Oh yes, and in order to get there, we bussed, and then hitchhiked. I love that hitchhiking (tremping) is just part of the daily life of getting from A to B in Israel. It's "safe," it's easy, and people are so willing to help.
While I was in Jerusalem, I got to stay with my friend Brett (from high school), and another friend Jacob. It's always nice going to Jerusalem and seeing who you run in to, and test out your Jewish Geography skills. Mine are stellar, in case you were wondering.
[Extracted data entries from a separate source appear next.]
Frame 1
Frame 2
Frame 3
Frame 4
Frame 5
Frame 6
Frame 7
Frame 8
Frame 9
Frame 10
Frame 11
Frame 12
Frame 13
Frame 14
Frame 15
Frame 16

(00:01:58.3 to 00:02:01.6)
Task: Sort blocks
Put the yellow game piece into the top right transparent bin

For the Passover Seder, I was fortunate enough to be invited to our family friend's place, which was actually really nice. Accompanying me, was one of our good family friends from London. There weren't many people at the seder, and it was really special because we incorporated all of our own traditions into the Seder. On a semi-related note, before the Seder I was instructed to pick up some dessert. The dessert had to be kosher for Passover, had to be parve (not dairy or meat), and could not contain
kitniyot (legumes, rice, etc.). So I went to the shuk (the market), and picked out these macaroons and cookie desserts--exactly what you see in the picture below.
On Friday, I brought them over a few hours before the Seder. Turns out, one of the kids that was staying with our family friend took a bite out of two different ones--one of which, had nuts. And he has an extreme nut allergy. Before you freak out, everything ended up being okay, and he's totally fine. But he did spend some time in the ER. I felt really badly.
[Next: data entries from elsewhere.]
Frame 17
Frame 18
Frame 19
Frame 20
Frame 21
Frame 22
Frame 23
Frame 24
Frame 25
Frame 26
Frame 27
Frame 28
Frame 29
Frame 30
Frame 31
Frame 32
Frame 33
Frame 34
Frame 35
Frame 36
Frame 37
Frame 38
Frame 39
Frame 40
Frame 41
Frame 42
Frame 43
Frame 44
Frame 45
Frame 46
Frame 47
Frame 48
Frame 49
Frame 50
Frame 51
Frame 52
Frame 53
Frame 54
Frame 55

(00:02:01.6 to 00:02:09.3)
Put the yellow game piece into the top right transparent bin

We were leaving at 5:00 am on Monday morning so we didn't arrange accommodations for Sunday night, but Benny, Justin, and I had dinner with Richard--a good family friend from London at Gabriel's (a fantastic Jerusalem restaurant). The next time you're in Jerusalem, I highly recommend checking it out. It's right off the bottom of Ben Yehuda street. We had an extremely enjoyable dinner outside and split a fantastic bottle of wine. A 2009 Petit Castel. In case you were wondering...
The last exciting thing about Israel was the cab ride home. Our driver, Yosef, was a Moroccan Jewish guy. I got to practice out my Hebrew with him, and turns out, I've actually retained a lot of what I learned years ago. I felt pretty good about that. He is a really nice guy though. If you're in Israel, hunt him down and tell him I say hey.